I recently visited the old http://java.sun.com page, that luckily
automagically redirects to the new java page at Oracle.com,
oracle.com/technetwork/java/something (very long, can remember it,
while java.sun.com was a piece of cake to remember)...
And I see a new link that reads "Pre-Built VM for Java Developers"
and points to
http://www.oracle.com/technetwork/java/technetwork/community/developer-vm/index.html
wow... EIGHTY FOUR characters long. Has Oracle heard of SHORT URLS?
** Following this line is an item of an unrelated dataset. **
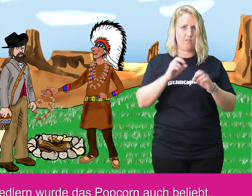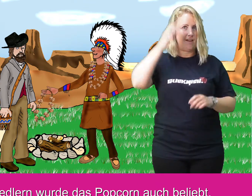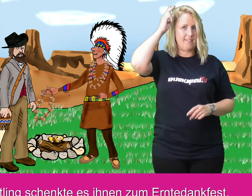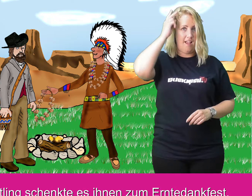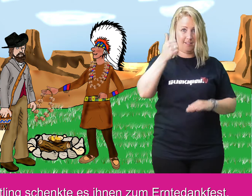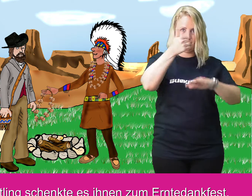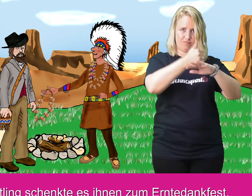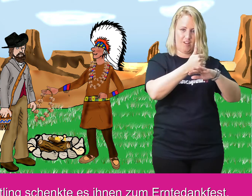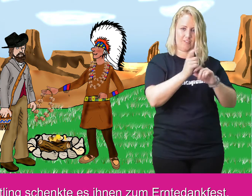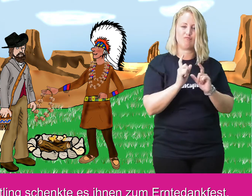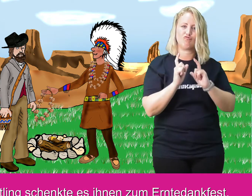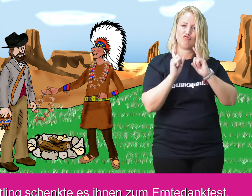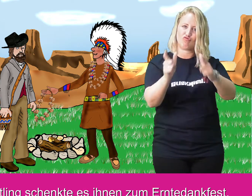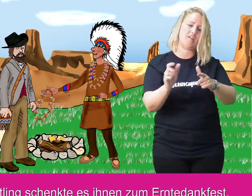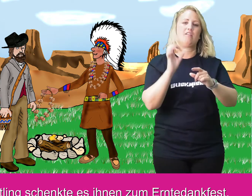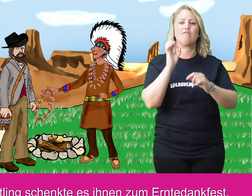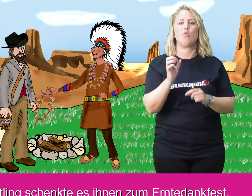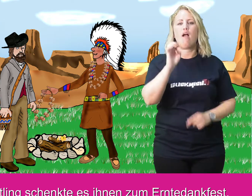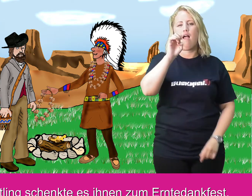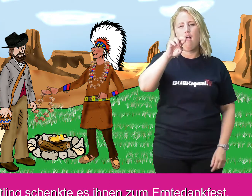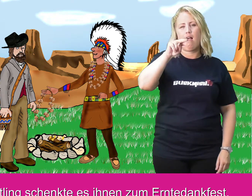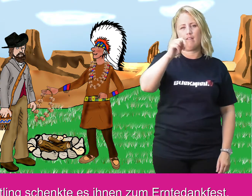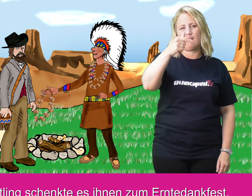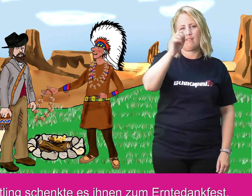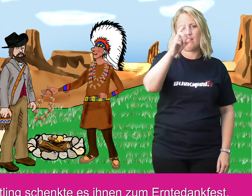beliebt. Ein Indianer-Häuptling schenkte es ihnen zum Erntedankfest.

Even better, MEANINGFUL, SHORT URLS? What about replacing it with
something easier to remember like
http://java.oracle.com/developer-vm
Why not?
But wait, the AWFUL LONG URL is not the only problem, the problem is
that that URL links to nowhere.
The problem is that that page does not exist yet, or is gone, or the
URL is wrong.I get:
----
We're sorry, the page you requested was not found.
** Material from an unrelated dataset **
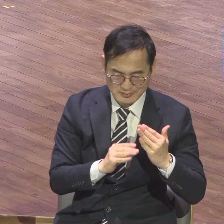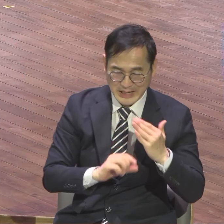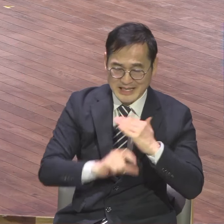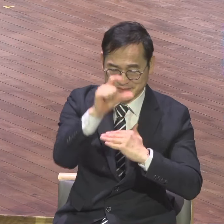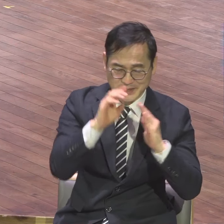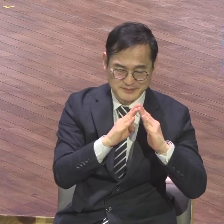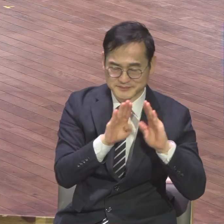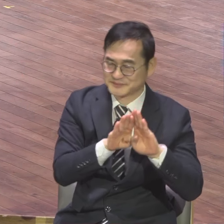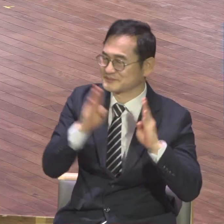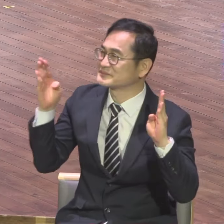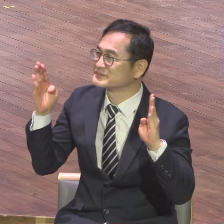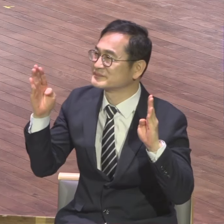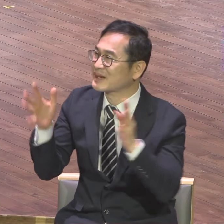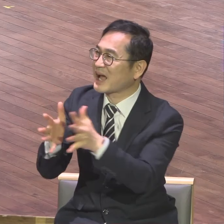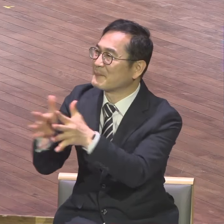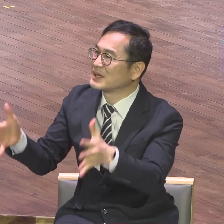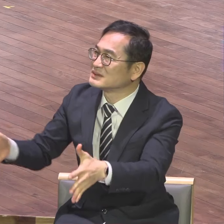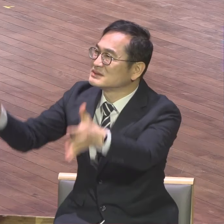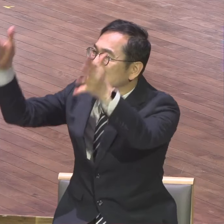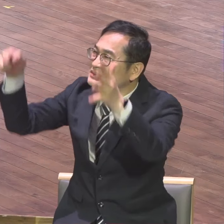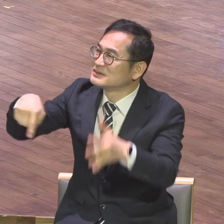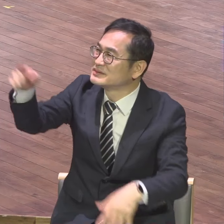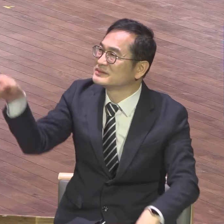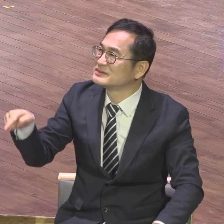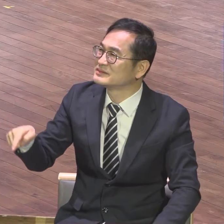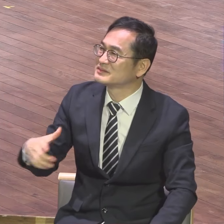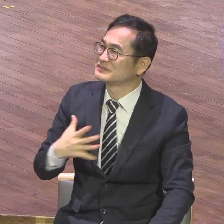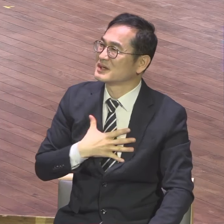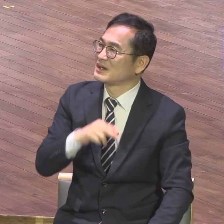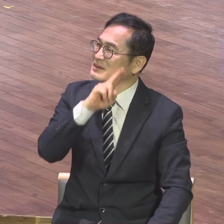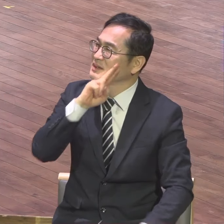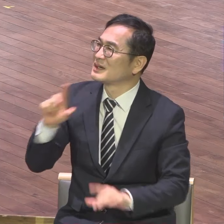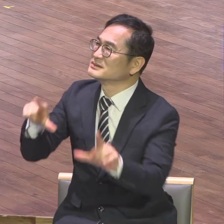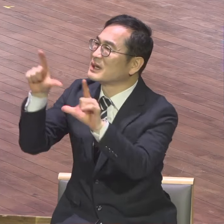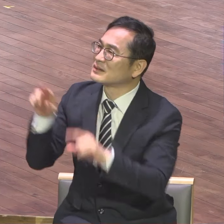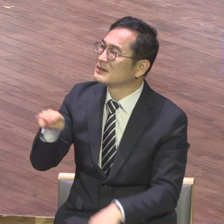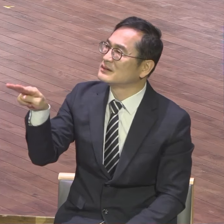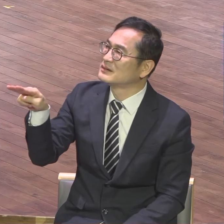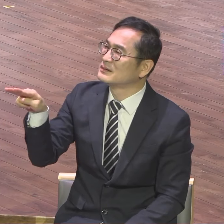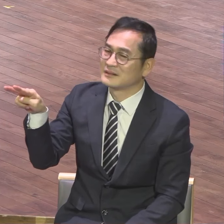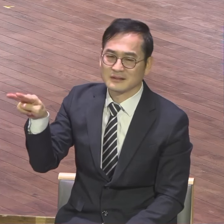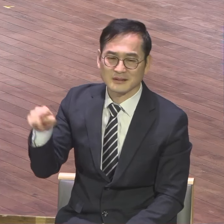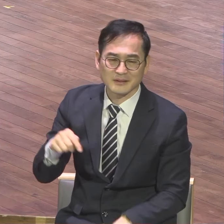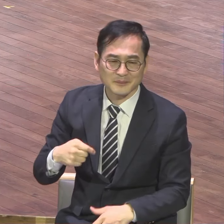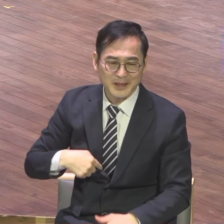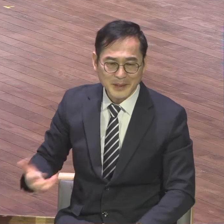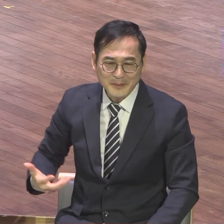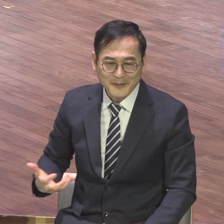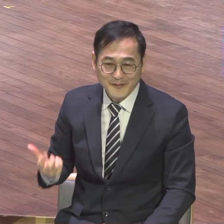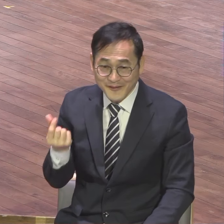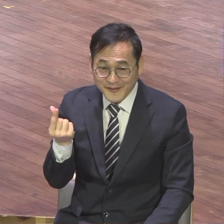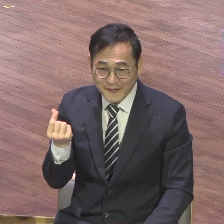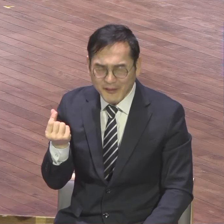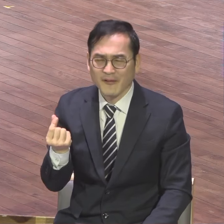이 곤룩전도 아직도 예수 안 믿는 분들이 아마 여러분 당대에 믿었던 분들은 많을 거예요.

We have recorded this error (404) to help us fix the problem.
You may wish to try again using one of the tools below.
-----
It's the little details that matter in keeping customers happy.
Awfully long URLS are bad. Awfully long URLs that lead to a 404 error
is worse.
Scrappng a perfectly working Java.sun.com page just to please the
Oracle branding
^^^^^^^^^^^^^^^^^^^^^^^^^^^^^^^^^^^^^^^^^^^^^^^^^^^^^^^^^^^^^^^^^^^^^^^^^^^^^^^^^
strategists at the firm's marketing dept is ludicrous.
^^^^^^^^^^^^^^^^^^^^^^^^^^^^^^^^^^^^^^^^^^^^^^^^^^^^^
------
And five minutes later, I get your email, Jan, describing this lunacy....
I've known enough about turf wars inside corporations, starting with
IBM's acquisition of Lotus and their promise to keep Lotus
"independent" and with its own brand etc etc. It didn't last long.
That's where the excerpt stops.